Now I’m as riddled with imperfections and insecurities as the next woman, but I have strong opinions when it comes to the airbrushing debate. The digital manipulation of models to make them look thinner is another issue. Those women often look ill, gaunt and just plain wrong and I vehemently oppose any use of models that offends my sensibilities as well as my eye. But attacking an image simply because the model has been enhanced to look prettier than the average women quite often annoys me.

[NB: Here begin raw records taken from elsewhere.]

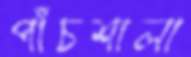
পাঁচশালা
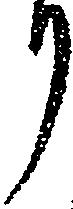
り
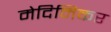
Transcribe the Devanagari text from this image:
मेदिनिकर
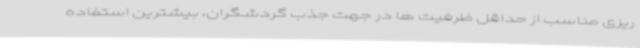
ریزی مناسب از حداقل ظرفیت ها در جهت جذب گردشگران، بیشترین استفاده
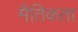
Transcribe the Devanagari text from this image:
मैतिकता
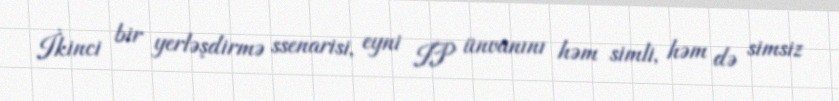
İkinci bir yerləşdirmə ssenarisi, eyni IP ünvanını həm simli, həm də simsiz
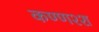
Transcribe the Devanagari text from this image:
कण्णश्श
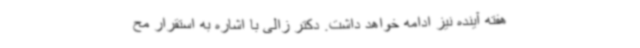
هفته آینده نیز ادامه خواهد داشت. دکتر زالی با اشاره به استقرار مح
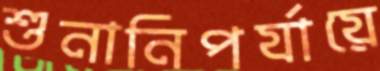
শুনানিপর্যায়ে
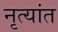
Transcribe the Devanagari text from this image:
नृत्यांत

First, every young person has insecurities – both male and female – and body issues and a lack of confidence are unavoidable aspects of puberty. It’s always been this way. There has always being someone far more intelligent, more athletic, prettier etc than you are and the human race has survived thus far. Second, I know firsthand that a photo editor can be a life-saver on a photo shoot after a rough night out. There is no way that I would let some photos be viewed by my cat let alone by anyone else without first being retouched. So I tend to sympathise with the model in this respect. Third, I don’t like being patronised by over-sensitive wishy-washy types who feel that they need to bring the whole world of beauty down a notch or two just to make the rest of us feel pretty. And finally, as a consumer I like my advertising to be pleasing to the eye. Take the Olay ‘real women’ campaign, for example. Did a bunch of women of various shapes and sizes flaunting their lumps and bumps make me feel more inclined to buy Olay? No. No-one wants to see droopy and overhanging lumps of flesh while they are eating their dinner, no matter how ‘real’ we are told that these women are. In fact I worried that anyone seeing me buy it off the shelf would think that I sympathised with the brand because I was overweight or insecure about my body. That’s one epic marketing fail right there. So in contrast, I asked myself, is a perfectly svelte and airbrushed to the hilt supermodel more likely to sell me a clothing line than a ‘real-life’ size 14 plain Jane? Yes, she is, I thought. And is a Wonderbra ad with a well-endowed woman spilling out of a bra more likely to sell lingerie to me than an ad featuring a pasty faced, B-cupped mother of ten? Yes, of course. These types of ads sucker me in every time and for one simple reason; because women like to aspire to an ideal.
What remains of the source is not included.